Posterior mean estimates (posterior standard deviations) obtained by running 2 independent MCMC chains of 50,000 iterations after 5,000 burnin. In italic are highlighted predictors which have a protective effect. Non significant estimates are highlighted in bold.

Problem with convergence of the two chains encountered.

Discussion

In this paper, we have presented a new approach for fitting discrete time survival models where the response variable contains missing values and at the same time where the known values of the response variable are surrounded by a certain amount of uncertainty. This type of data is especially found in epidemiology where the response variable relates to disease status, which itself is dependent on a (possibly imperfect) diagnostic test. The presence of missing values alone leads to a response variable which is not uniquely defined but instead takes the form of a set of multiple possible outcomes. This set of potential outcomes is further increased by the uncertainty relating to the imperfect nature of the test used, which affects the prior probability of each response pattern.

We developed a Bayesian model to deal with such cases and applied it to historical data on herd breakdown (HBD) with bovine tuberculosis (bTB). We found that accounting for the imperfect sensitivity of the diagnostic test affects which risk factors are significantly associated with a bTB herd breakdown and in particular that a decreased test sensitivity leads to larger confidence intervals around the parameter estimates of each risk factors.

A small set of predictors (mostly non cattle-purchase variables) were consistently significant across the best fitting models for each different value of test sensitivity. The cattle-purchase variables were the most affected by decreasing sensitivity values with only two out of the nine predictors identified for the perfect sensitivity best fitting model being significant across the whole range of sensitivity values. Whatever the true sensitivity of the test, larger herds (as represented by higher number of calves born, larger herd sizes, or greater number of animals tested) and herds with a history of bTB and larger number reactors found at a HBD 2 years previous to the current test had an increased risk of HBD while selling an animal before the test was protective. The marked increase in HBD after the 2001-FMD outbreak was also unaffected by decreased sensitivity. Our analyses also confirmed similarity in the pattern of HBD between neighbouring herds, which held through the range of sensitivity values with some variations in the predictors. As predictor variables we only considered the number of neighbouring herds that tested positive or negative rather than the number of neighbouring herds that were actually positive or negative. A possible extension of our modelling approach, when assuming less than perfect test sensitivity, would be to recalculate numbers of neighbours that are truly positive/negative for a given herd, at each iteration of the algorithm, for use as predictors but we will consider this extension elsewhere.

The data we analysed were collected as part of a large scale clinical trial/field experiment designed to detect gross overall effects between different treatments (culling and survey) in an area. It was therefore, as such, not intended for the fine grain analyses we have performed. We included cattle movement predictors alongside badger and herd-demographic predictors. This resulted in a large number of predictors to be considered as possible risk factors, which can lead to the usual problems of multiple comparisons and might explain why some of the effects found were perhaps counter intuitive. However, the aim of this paper was to investigate the effect of decreased test sensitivity on the risk factors determined rather than identify these risk factors per-se Under decreasing values of sensitivity, slightly different sets of predictors appeared in the best fitting model, but with some of the predictors considered across models being strongly correlated with one another (see Table S1). Our statistical modelling approach identifies associations between predictor variables and HBD rather than causations and so care has to be taken in acting upon the findings, especially given the large number of predictors considered.

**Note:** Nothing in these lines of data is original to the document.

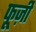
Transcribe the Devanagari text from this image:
फूज़ी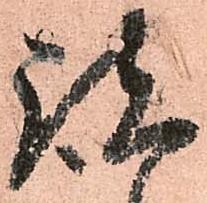
諸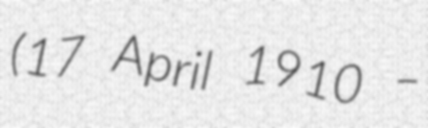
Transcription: (17 April 1910 –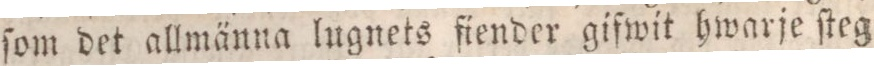
ſom det allmänna lugnets fiender gifwit hwarje ſteg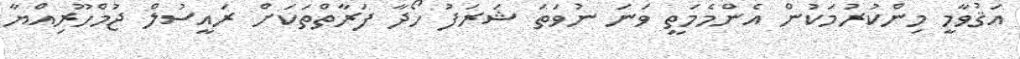
އަޤުވާމީ މިންކުރުމަކުން އެންމެމަތީ ވަނަ ނުވަތަ ޝަރަފު ހޯދާ ފަރާތްތަކަށް ރައީސުލް ޖުމްހޫރިއްޔާ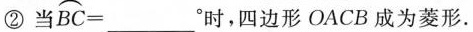
②当$$\frown{BC} = ___^{°}$$时，四边形OACB成为菱形。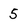
Character: 5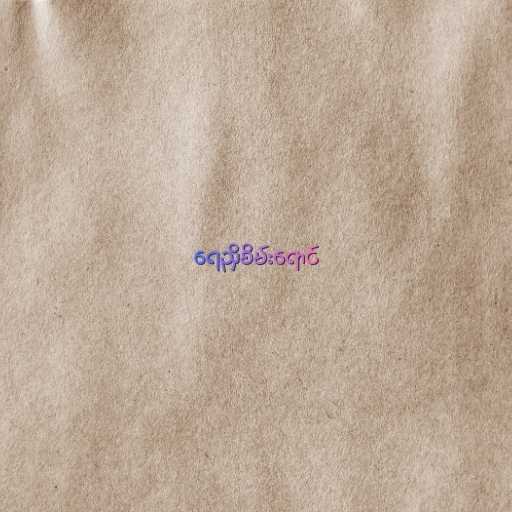
ရေညှိစိမ်းရောင်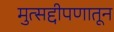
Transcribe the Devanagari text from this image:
मुत्सद्दीपणातून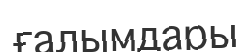
ғалымдары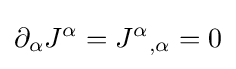
\partial _{\alpha }J^{\alpha }=J^{\alpha }{}_{,\alpha }=0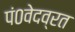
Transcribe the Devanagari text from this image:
पं०वेदव्रत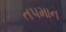
તપમાન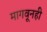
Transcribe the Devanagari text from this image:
मागवूनही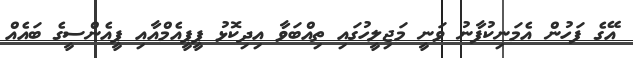
އޭގެ ފަހުން އެމަނިކުފާނު ވަނީ މަޖިލީހުގައި ތިއްބަވާ އިދިކޮޅު ޕީޕީއެމްއާއި ޕީއެންސީގެ ބައެއް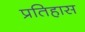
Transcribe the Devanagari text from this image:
प्रतिहास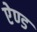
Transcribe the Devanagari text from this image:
एेण्ड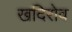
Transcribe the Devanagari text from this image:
खदिरोव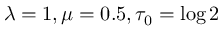
\lambda = 1 , \mu = 0 . 5 , \tau _ { 0 } = \log 2
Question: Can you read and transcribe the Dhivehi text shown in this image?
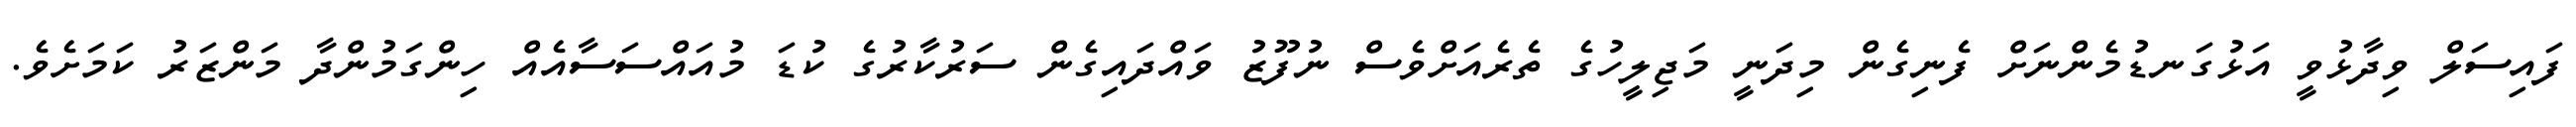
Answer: ފައިސަލް ވިދާޅުވީ އަޅުގަނޑުމެންނަށް ފެނިގެން މިދަނީ މަޖިލީހުގެ ތެރެއަށްވެސް ނުފޫޒު ވައްދައިގެން ސަރުކާރުގެ ކުޑަ މުއައްސަސާއެއް ހިންގަމުންދާ މަންޒަރު ކަމަށެވެ.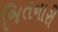
જિતનારી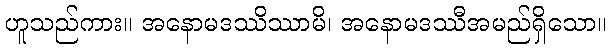
ဟူသည်ကား။ အနောမဒဿိဿာမိ၊ အနောမဒဿီအမည်ရှိသော။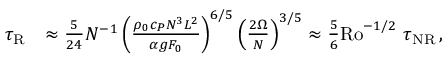
\begin{array} { r l } { \tau _ { \mathrm { R } } } & { \approx \frac { 5 } { 2 4 } N ^ { - 1 } \left( \frac { \rho _ { 0 } c _ { P } N ^ { 3 } L ^ { 2 } } { \alpha g F _ { 0 } } \right) ^ { 6 / 5 } \left( \frac { 2 \Omega } { N } \right) ^ { 3 / 5 } \approx \frac { 5 } { 6 } \mathrm { R o } ^ { - 1 / 2 } ~ \tau _ { \mathrm { N R } } \, , } \end{array}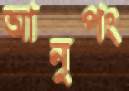
আনুপং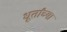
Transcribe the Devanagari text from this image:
धूर्तांच्या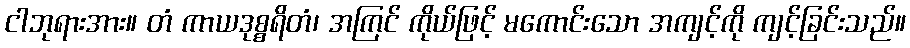
ငါဘုရားအား။ တံ ကာယဒုစ္စရိတံ၊ အကြင် ကိုယ်ဖြင့် မကောင်းသော အကျင့်ကို ကျင့်ခြင်းသည်။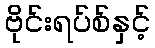
ဗိုင်းရပ်စ်နှင့်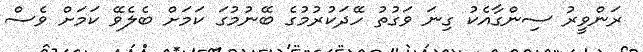
ރަންވީރު ސިންގާއެކު ގިނަ ވަގުތު ހޭދަކުރުމުގެ ބޭނުމުގަ ކަމަށް ބެލެވޭ ކަމަށް ވެސް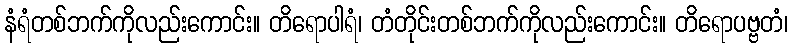
နံရံတစ်ဘက်ကိုလည်းကောင်း။ တိရောပါရံ၊ တံတိုင်းတစ်ဘက်ကိုလည်းကောင်း။ တိရောပဗ္ဗတံ၊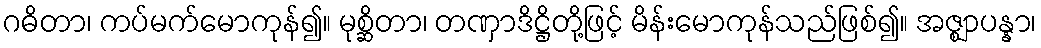
ဂဓိတာ၊ ကပ်မက်မောကုန်၍။ မုစ္ဆိတာ၊ တဏှာဒိဋ္ဌိတို့ဖြင့် မိန်းမောကုန်သည်ဖြစ်၍။ အဇ္ဈာပန္နာ၊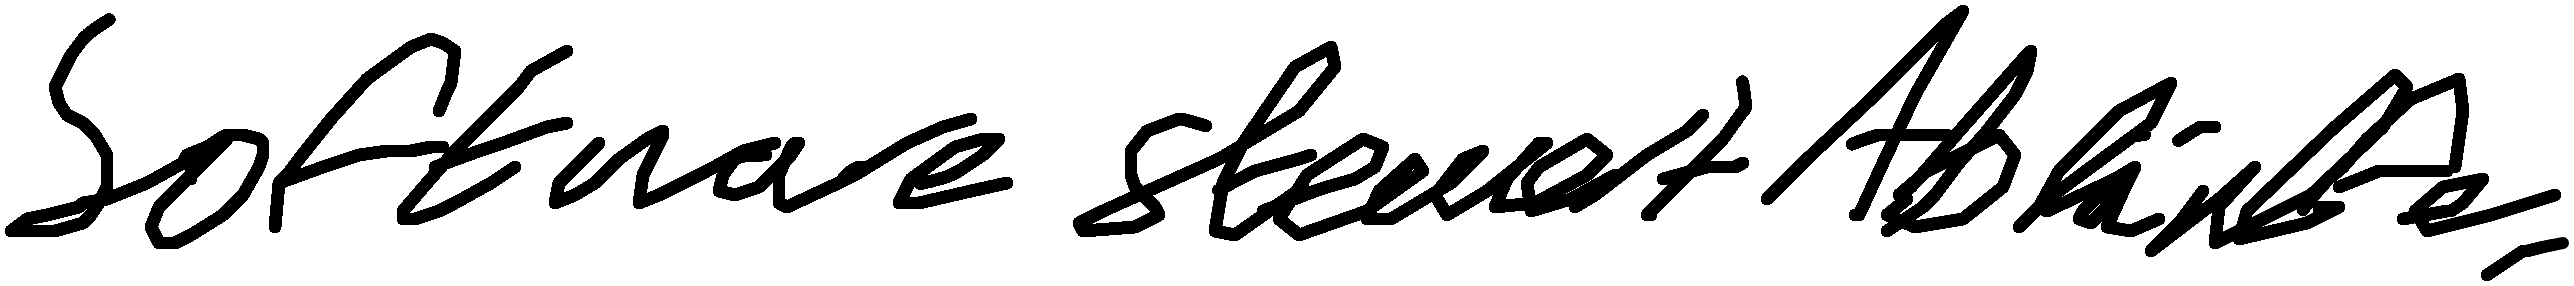
Software steuert Abläufe.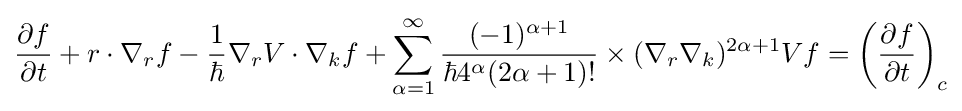
{\frac {\partial f}{\partial t}}+r\cdot \nabla _{r}f-{\frac {1}{\hbar }}\nabla _{r}V\cdot \nabla _{k}f+\sum _{\alpha =1}^{\infty }{\frac {(-1)^{\alpha +1}}{\hbar 4^{\alpha }(2\alpha +1)!}}\times (\nabla _{r}\nabla _{k})^{2\alpha +1}Vf=\left({\frac {\partial f}{\partial t}}\right)_{c}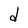
Character: d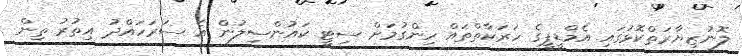
ލޮނުޒިޔާރަތްކޮޅުގައި އެމްޑީޕީގެ ހަރަކާތްތައް ހިންގުމަށް ސިޓީ ކައުންސިލުން އެ ސަރަހައްދު އިތުރު ތިން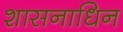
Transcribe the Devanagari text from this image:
शासनाधिन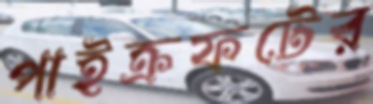
পাইক্রফটের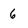
Character: 6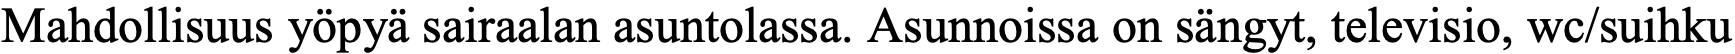
Mahdollisuus yöpyä sairaalan asuntolassa. Asunnoissa on sängyt, televisio, wc/suihku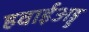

Our analysis of the effect of reduced bTB test sensitivity highlighted an increase in the uncertainty surrounding the parameter estimates identified by the models, with some predictors losing significance altogether. This has important consequences for epidemiological field studies aiming at identifying risk factors for infectious disease, as they are based on the assumption of perfect test sensitivity. Given that the published estimates of sensitivity are around 60%–75%, our analysis suggests this could explain the difficulty in finding a consistent and reliable set of risk factors for bTB. It is therefore essential that estimates of bTB test sensitivity (at individual and herd level) be confirmed in the field, possibly by using complementary test diagnostics and analyses adjusted for the lack of sensitivity [20], [21]. Increasing sample sizes to account for imperfect test sensitivity is already advised when designing cross-sectional studies, but we have shown that the same holds true for longitudinal data. Future longitudinal field studies would benefit from being sufficiently large by adjusting for a less than perfect test sensitivity when calculating the sample sizes, if reliable conclusions are to be drawn from the data.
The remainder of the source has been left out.